What is Kleefstra Syndrome?

 
Kleefstra syndrome is a disorder that involves many parts of the body. Characteristic features of Kleefstra syndrome include developmental delay and intellectual disability, severely limited or absent speech, and weak muscle tone (hypotonia).

How does Kleefstra Syndrome affect my child?

 
Affected individuals also have distinctive facial features. Affected individuals may have a high birth weight and childhood obesity.

People with Kleefstra syndrome may also have structural brain abnormalities, congenital heart defects, genitourinary abnormalities, seizures, and a tendency to develop severe respiratory infections. During childhood they may exhibit features of autism or related developmental disorders affecting communication and social interaction. In adolescence, they may develop a general loss of interest and enthusiasm (apathy) or unresponsiveness (catatonia). 
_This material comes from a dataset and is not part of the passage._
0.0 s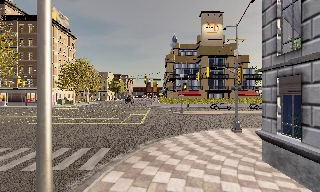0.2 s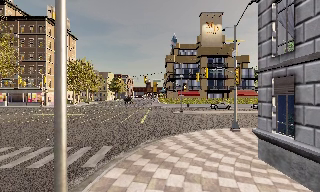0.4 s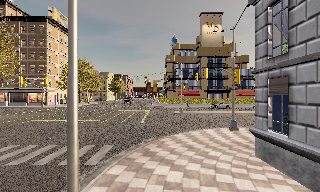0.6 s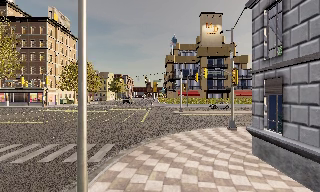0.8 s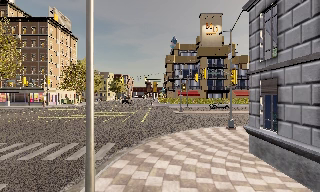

Is there a distinct look for children with Kleefstra Syndrome? Children with Kleefstra syndrome tend to look alike and have distinctive facial features, which may include several of the following features:
Microcephaly (small head size)	Brachycephaly (wide, short skull)
Eyebrows that grow together in the middle	Hypertelorism (widely spaced eyes)
Midface hypoplasia (sunken appearance of the middle of the face)	Anteverted nares  (nostrils that open to the front rather than downward)
Prognathism (a protruding jaw)	Rolled out (everted) lips
Macroglossia (large tongue)

FDNA and Kleefstra Syndrome

Children with this syndrome often remain under-diagnosed because its extreme rarity, lack the relevant family history does not trigger suspicion in most of the cases, or misdiagnosed, since this syndrome shares distinct external features (phenotype) as exhibited with a other syndromes.

Using FDNA’s service increases the chances of detecting distinct characteristics, which, when prompt to a geneticist can assist in reaching the right medical diagnosis. Start your child's genetic evaluation with a facial analysis.

What additional medical issues should be considered in association with Kleefstra Syndrome?

 
Children with Kleefstrax also tend to suffer from one or more of the following problems:

• Intellectual disability, usually moderate to severe and associated with severe speech delay
• Distinctive facial features
• Childhood hypotonia (low muscle tone)
• Motor delay
• Heart defects
• Renal/urologic defects
• Genital defects (males)
• Severe infections (due to respiratory abnormalities)
• Epilepsy/febrile seizures
• Autistic-like features in childhood
• Extreme apathy or catatonic(-like) features postpubertally
• Structural brain abnormalities

How common is Kleefstra Syndrome?

 
The prevalence of Kleefstra syndrome is unknown. Only recently has testing become available to distinguish it from other disorders with similar features.

What causes Kleefstra Syndrome?

 
Kleefstra syndrome, caused by specific changes in genes, is inherited in an autosomal dominant manner. Almost all cases reported to date are new mutations; rarely, recurrence in a family has been reported.

How is Kleefstra Syndrome diagnosed?

 
Diagnosis is suspected according to signs and symptoms and can be confirmed through a genetic test

How is Kleefstra Syndrome treated?

 
While there is no cure for this syndrome, many complications associated with this syndrome can be treated, and a great deal can be done to support and compensate for functional disabilities. Due to the diversity of the symptoms, it may be necessary to see a number of different specialists and undergo various examinations, including the following:

• Ongoing routine pediatric care by a pediatrician or neurologist, psychiatrist and/or (for adults) specialist in the care of adults with intellectual disability
• Depending on the age of the affected individual, referral to an early childhood intervention program, ongoing special education programs, and/or vocational training
• Speech/language therapy, physical and occupational therapy, and sensory integration therapy
• Specialized neurologic and psychiatric care for individuals with extreme behavior problems and/or movement disorder. Behavioral therapies include special education techniques that may help minimize behavioral outbursts in the school setting by emphasizing individualized instruction, structure, and a set daily routine.
• Therapeutic management of the sleep disorder. No well-controlled treatment trials have been reported
• Specialized neurologic care for individuals with epilepsy; management of seizures in accordance with standard practice
• Standard treatment for cardiac, renal, urologic, and other medical issues
• Auditory amplification if hearing loss is identified
• Genetic Counseling – Although the majority of these cases are not inherited, when planning to expand the family, parents with affected children may have increased chances of having another child with this syndrome. Prenatal testing can be offered to the parents.